Giuseppe Verdi

Luisa Miller

  • Opera in Three ActsI
  • Premiere: 29. 2. 2020
Buy tickets

Luisa Miller (1849) was first staged in the Teatro San Carlo in Naples. While the works created by Verdi before this particular piece were regarded as much simpler, at least from the point of view of the motivation and emotions conveyed by their central characters, the composer’s further opus reveals his determination to build an entirely new and more complex world. In addition to Shakespeare, Schiller was undoubtedly Verdi's literary favourite, as the composer emphasised in his works the dignity of the human soul, thus exposing an unbelievable range of contents - from romantically stirred up to somewhat deeper philosophical reflections. What particularly drew the composer to Schiller’s dramatic source material, after which Cammarano wrote his libretto, was the story filled with passion, as well as the inevitability, with which the main protagonists are heading towards their tragic end – the fatal consequence of the family tragedies, intertwined with the determination and shaped by political and social life.

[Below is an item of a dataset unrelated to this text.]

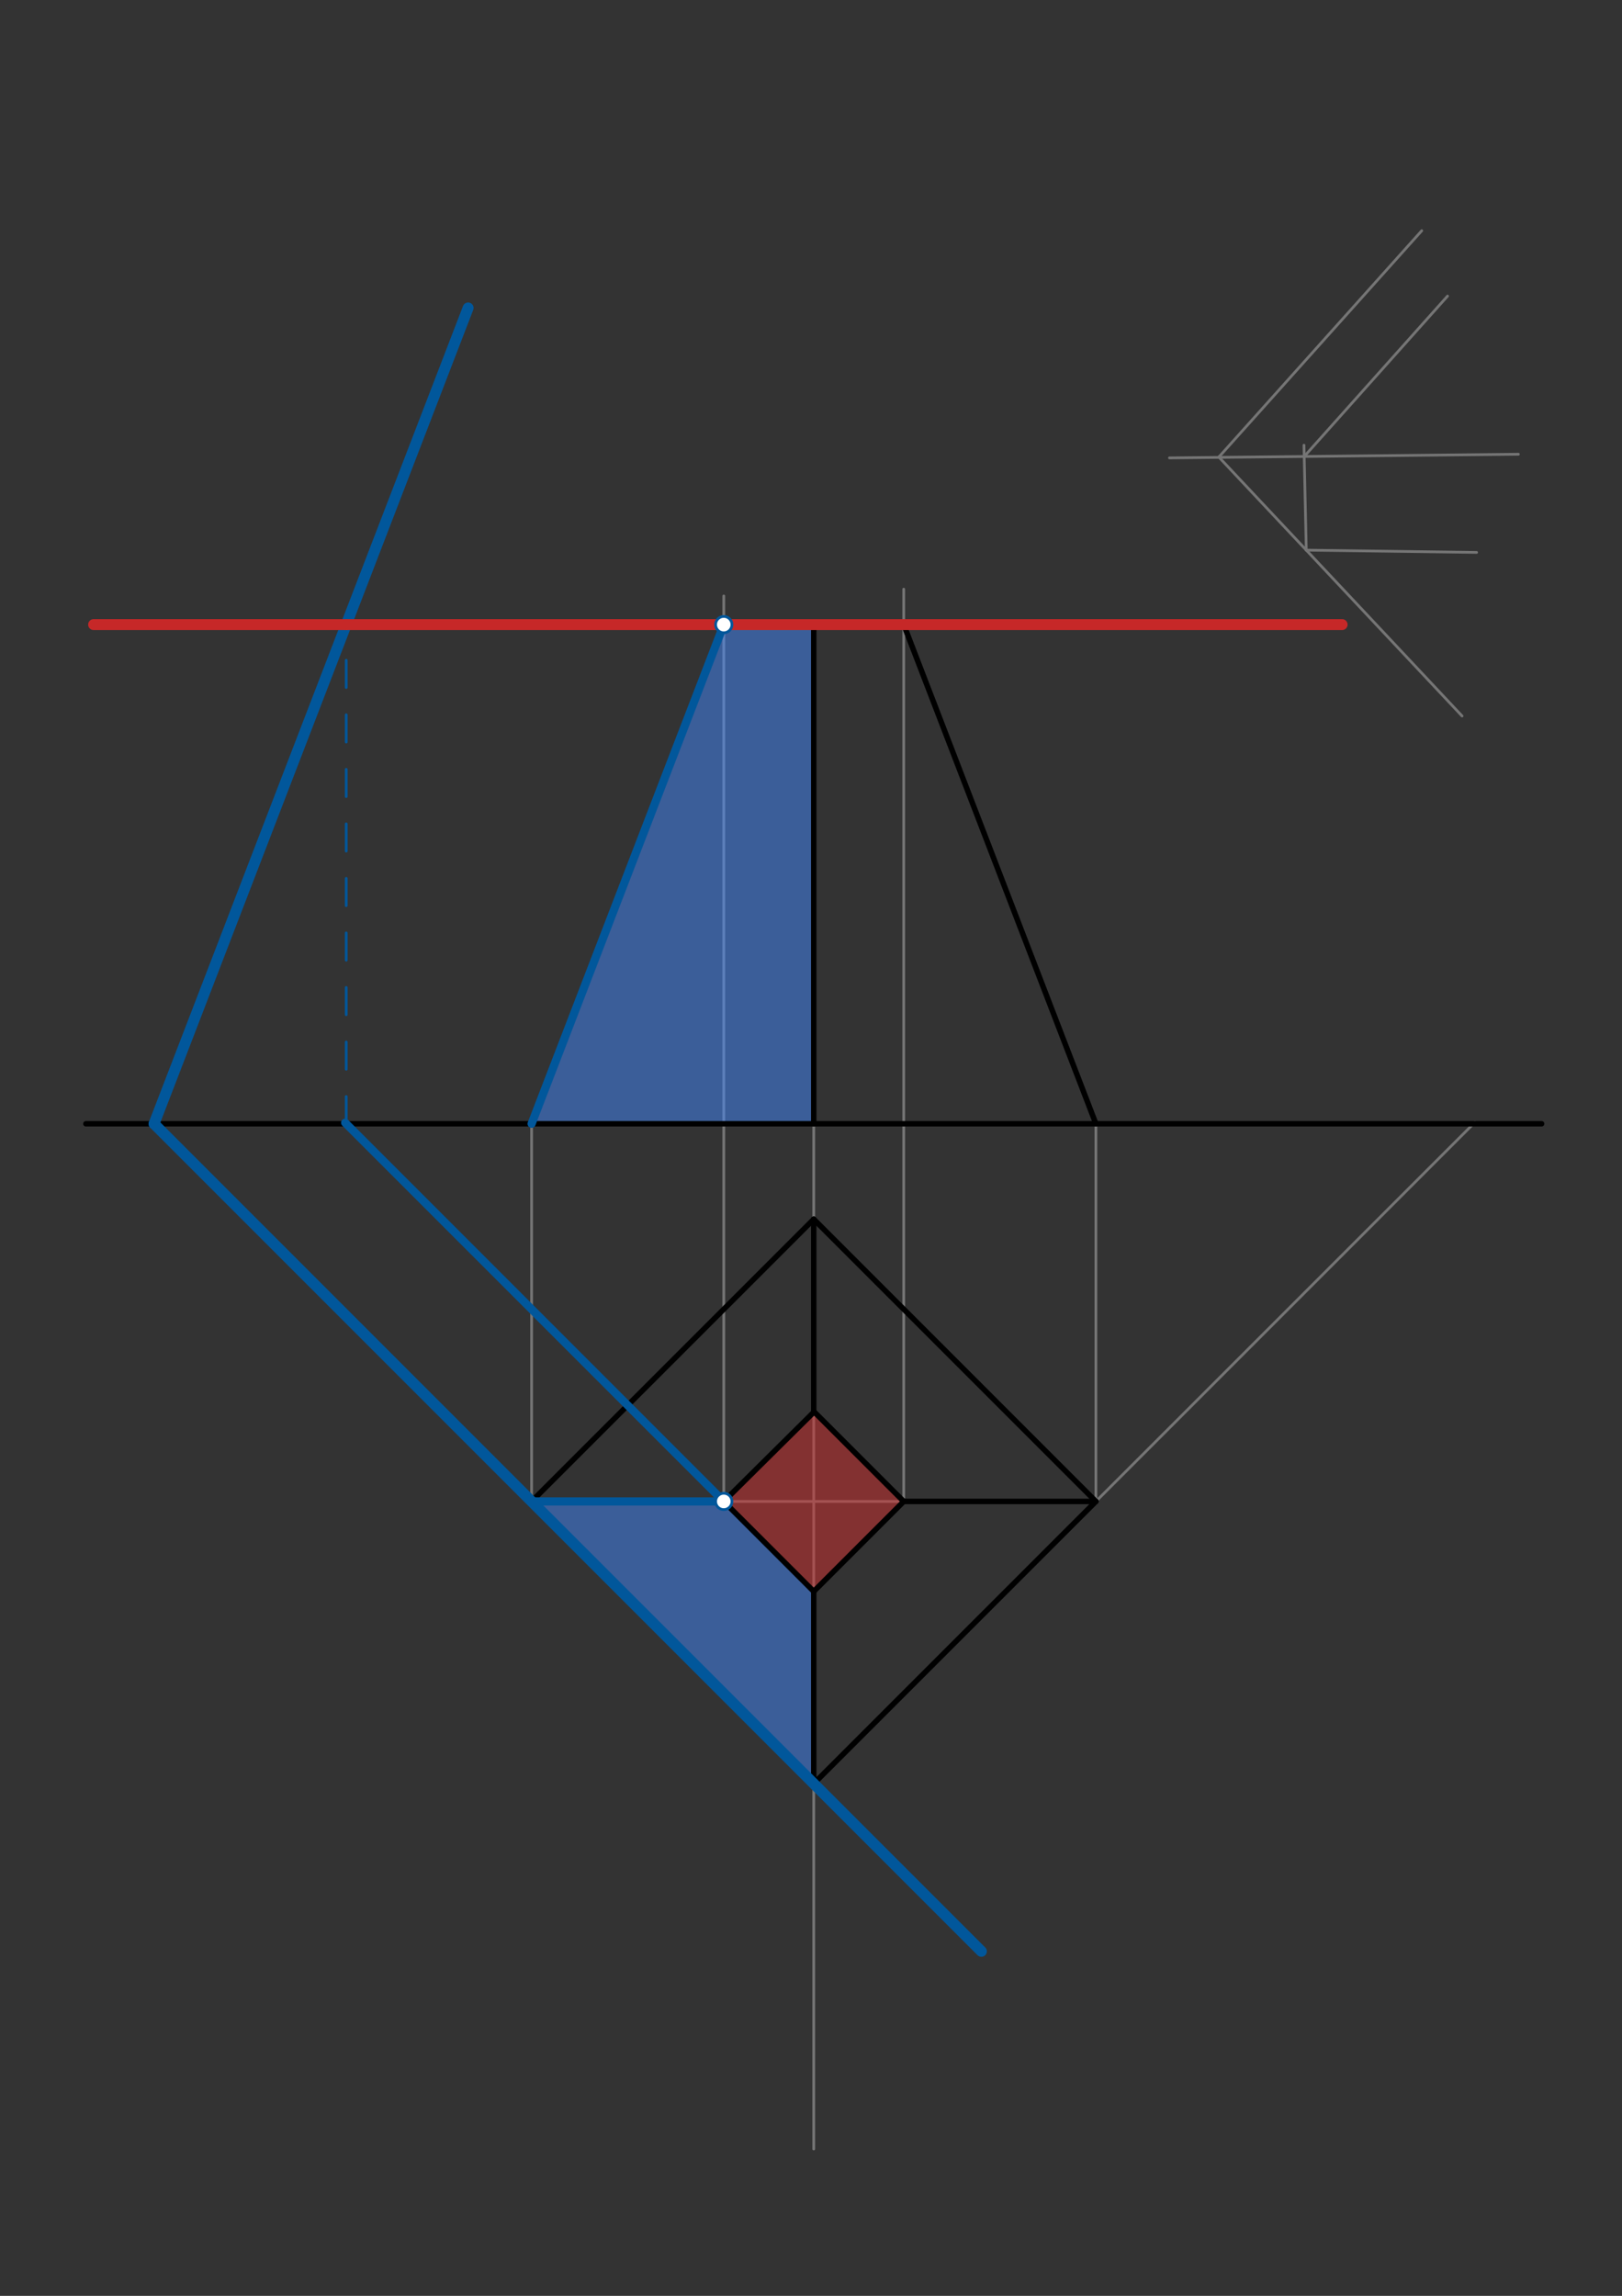 <svg xmlns="http://www.w3.org/2000/svg" class="svg--816" height="100%" preserveAspectRatio="xMidYMid meet" viewBox="0 0 595 842" width="100%"><rect x="0" y="0" width="595" height="842" fill="#333333" stroke="none"/><defs><marker id="marker-arrow" markerHeight="16" markerUnits="userSpaceOnUse" markerWidth="24" orient="auto-start-reverse" refX="24" refY="4" viewBox="0 0 24 8"><path d="M 0 0 L 24 4 L 0 8 z" stroke="inherit"></path></marker></defs><g class="aux-layer--949"><g class="element--733"><line stroke="#757575" stroke-dasharray="none" stroke-linecap="round" stroke-width="1" x1="298.508" x2="298.508" y1="412.141" y2="788.141"></line></g><g class="element--733"><line stroke="#757575" stroke-dasharray="none" stroke-linecap="round" stroke-width="1" x1="56.508" x2="360.008" y1="412.141" y2="715.641"></line></g><g class="element--733"><line stroke="#757575" stroke-dasharray="none" stroke-linecap="round" stroke-width="1" x1="298.508" x2="541.008" y1="654.141" y2="411.641"></line></g><g class="element--733"><line stroke="#757575" stroke-dasharray="none" stroke-linecap="round" stroke-width="1" x1="298.508" x2="195.008" y1="447.141" y2="550.641"></line></g><g class="element--733"><line stroke="#757575" stroke-dasharray="none" stroke-linecap="round" stroke-width="1" x1="298.508" x2="402.008" y1="447.141" y2="550.641"></line></g><g class="element--733"><line stroke="#757575" stroke-dasharray="none" stroke-linecap="round" stroke-width="1" x1="205.132" x2="402.008" y1="550.641" y2="550.641"></line></g><g class="element--733"><line stroke="#757575" stroke-dasharray="none" stroke-linecap="round" stroke-width="1" x1="195.008" x2="195.008" y1="550.641" y2="412.141"></line></g><g class="element--733"><line stroke="#757575" stroke-dasharray="none" stroke-linecap="round" stroke-width="1" x1="402.008" x2="402.008" y1="550.641" y2="412.141"></line></g><g class="element--733"><line stroke="#757575" stroke-dasharray="none" stroke-linecap="round" stroke-width="1" x1="265.504" x2="265.504" y1="550.641" y2="218.57"></line></g><g class="element--733"><line stroke="#757575" stroke-dasharray="none" stroke-linecap="round" stroke-width="1" x1="331.512" x2="331.512" y1="550.641" y2="216.07"></line></g><g class="element--733"><line stroke="#757575" stroke-dasharray="none" stroke-linecap="round" stroke-width="1" x1="248.504" x2="360.504" y1="229.07" y2="229.07"></line></g><g class="element--733"><line stroke="#757575" stroke-dasharray="none" stroke-linecap="round" stroke-width="1" x1="429.001" x2="557.001" y1="167.927" y2="166.594"></line></g><g class="element--733"><line stroke="#757575" stroke-dasharray="none" stroke-linecap="round" stroke-width="1" x1="521.541" x2="447.114" y1="84.607" y2="167.62"></line></g><g class="element--733"><line stroke="#757575" stroke-dasharray="none" stroke-linecap="round" stroke-width="1" x1="447.114" x2="536.335" y1="167.62" y2="262.594"></line></g><g class="element--733"><line stroke="#757575" stroke-dasharray="none" stroke-linecap="round" stroke-width="1" x1="541.668" x2="479.096" y1="202.594" y2="201.755"></line></g><g class="element--733"><line stroke="#757575" stroke-dasharray="none" stroke-linecap="round" stroke-width="1" x1="479.183" x2="478.335" y1="201.757" y2="163.275"></line></g><g class="element--733"><line stroke="#757575" stroke-dasharray="none" stroke-linecap="round" stroke-width="1" x1="478.426" x2="531.001" y1="167.412" y2="108.594"></line></g></g><g class="main-layer--75a"><g class="element--733"><g fill="#448aff" opacity="0.5"><path d="M 195.008 550.641 L 298.508 654.141 L 298.508 583.645 L 265.504 550.641 L 195.008 550.641 Z" stroke="none"></path></g></g><g class="element--733"><g fill="#448aff" opacity="0.5"><path d="M 195.008 412.141 L 298.508 412.141 L 298.508 229.07 L 265.504 229.07 L 195.668 410.594 Z" stroke="none"></path></g></g><g class="element--733"><g fill="#D32F2F" opacity="0.5"><path d="M 298.508 517.913 L 265.504 550.641 L 298.508 583.645 L 331.512 550.641 L 299.668 519.594 Z" stroke="none"></path></g></g><g class="element--733"><line stroke="#000000" stroke-dasharray="none" stroke-linecap="round" stroke-width="2" x1="31.508" x2="565.508" y1="412.141" y2="412.141"></line></g><g class="element--733"><line stroke="#000000" stroke-dasharray="none" stroke-linecap="round" stroke-width="2" x1="195.008" x2="298.508" y1="550.641" y2="447.141"></line></g><g class="element--733"><line stroke="#000000" stroke-dasharray="none" stroke-linecap="round" stroke-width="2" x1="298.508" x2="402.008" y1="447.141" y2="550.641"></line></g><g class="element--733"><line stroke="#000000" stroke-dasharray="none" stroke-linecap="round" stroke-width="2" x1="402.008" x2="298.508" y1="550.641" y2="654.141"></line></g><g class="element--733"><line stroke="#000000" stroke-dasharray="none" stroke-linecap="round" stroke-width="2" x1="298.508" x2="195.008" y1="654.141" y2="550.641"></line></g><g class="element--733"><line stroke="#000000" stroke-dasharray="none" stroke-linecap="round" stroke-width="2" x1="195.008" x2="265.504" y1="550.641" y2="550.641"></line></g><g class="element--733"><line stroke="#000000" stroke-dasharray="none" stroke-linecap="round" stroke-width="2" x1="265.504" x2="298.52" y1="550.641" y2="583.656"></line></g><g class="element--733"><line stroke="#000000" stroke-dasharray="none" stroke-linecap="round" stroke-width="2" x1="298.508" x2="331.621" y1="583.645" y2="550.531"></line></g><g class="element--733"><line stroke="#000000" stroke-dasharray="none" stroke-linecap="round" stroke-width="2" x1="331.512" x2="298.646" y1="550.641" y2="517.775"></line></g><g class="element--733"><line stroke="#000000" stroke-dasharray="none" stroke-linecap="round" stroke-width="2" x1="298.646" x2="265.504" y1="517.775" y2="550.641"></line></g><g class="element--733"><line stroke="#000000" stroke-dasharray="none" stroke-linecap="round" stroke-width="2" x1="298.508" x2="298.508" y1="447.141" y2="517.913"></line></g><g class="element--733"><line stroke="#000000" stroke-dasharray="none" stroke-linecap="round" stroke-width="2" x1="331.512" x2="402.008" y1="550.641" y2="550.641"></line></g><g class="element--733"><line stroke="#000000" stroke-dasharray="none" stroke-linecap="round" stroke-width="2" x1="298.508" x2="298.508" y1="583.645" y2="654.141"></line></g><g class="element--733"><line stroke="#000000" stroke-dasharray="none" stroke-linecap="round" stroke-width="2" x1="265.504" x2="195.008" y1="229.07" y2="412.141"></line></g><g class="element--733"><line stroke="#000000" stroke-dasharray="none" stroke-linecap="round" stroke-width="2" x1="331.512" x2="402.008" y1="229.07" y2="412.141"></line></g><g class="element--733"><line stroke="#000000" stroke-dasharray="none" stroke-linecap="round" stroke-width="2" x1="298.508" x2="298.508" y1="412.141" y2="229.07"></line></g><g class="element--733"><line stroke="#000000" stroke-dasharray="none" stroke-linecap="round" stroke-width="2" x1="265.504" x2="331.512" y1="229.07" y2="229.07"></line></g><g class="element--733"><line stroke="#01579B" stroke-dasharray="none" stroke-linecap="round" stroke-width="4" x1="360.008" x2="56.508" y1="715.641" y2="412.141"></line></g><g class="element--733"><line stroke="#01579B" stroke-dasharray="none" stroke-linecap="round" stroke-width="4" x1="56.508" x2="171.723" y1="412.141" y2="112.939"></line></g><g class="element--733"><line stroke="#01579B" stroke-dasharray="none" stroke-linecap="round" stroke-width="3" x1="265.504" x2="126.617" y1="550.641" y2="411.753"></line></g><g class="element--733"><line stroke="#01579B" stroke-dasharray="none" stroke-linecap="round" stroke-width="3" x1="265.504" x2="127.09" y1="229.07" y2="229.07"></line></g><g class="element--733"><line stroke="#01579B" stroke-dasharray="10" stroke-linecap="round" stroke-width="1" x1="127.004" x2="127.004" y1="412.141" y2="229.07"></line></g><g class="element--733"><line stroke="#01579B" stroke-dasharray="none" stroke-linecap="round" stroke-width="3" x1="195.008" x2="265.504" y1="412.141" y2="229.07"></line></g><g class="element--733"><line stroke="#01579B" stroke-dasharray="none" stroke-linecap="round" stroke-width="3" x1="195.008" x2="265.504" y1="550.641" y2="550.641"></line></g><g class="element--733"><line stroke="#C62828" stroke-dasharray="none" stroke-linecap="round" stroke-width="4" x1="127.004" x2="34.335" y1="229.07" y2="229.07"></line></g><g class="element--733"><line stroke="#C62828" stroke-dasharray="none" stroke-linecap="round" stroke-width="4" x1="127.004" x2="492.335" y1="229.07" y2="229.07"></line></g><g class="element--733"><circle cx="265.504" cy="229.07" r="3" stroke="#01579B" stroke-width="1" fill="#ffffff"></circle>}</g><g class="element--733"><circle cx="265.504" cy="550.641" r="3" stroke="#01579B" stroke-width="1" fill="#ffffff"></circle>}</g></g><g class="snaps-layer--ac6"></g><g class="temp-layer--52d"></g></svg>

The psychologically pervasive and multifaceted characters – above all Luisa, who is trapped into a political plot and Rodolfo, who is unable to accept her decision to marry another man, as well as the fact that the lovers failed to see the game of intrigue in time, were more than just a good foundation for revealing Verdi's talent for beautiful lyrical lines and refined orchestration. Although the composer's later operas slightly overshadowed Luisa Miller, it nevertheless managed to remain on the repertoires of the opera theatres around the world. The work, filled with beauty and nobility, always defied the tastes of fashion, and especially the famous Rudolph's aria Quando le sere al placido has been historically recognized as one of the pearls of the classical tenor repertoire.

Returning to Ljubljana after quite a few years is the renowned stage director Lutz Hochstraate who has staged our theatre La traviata that has been performed on our stage for many years. This time our conductor's podium is reserved for the Czech conductor David Švec.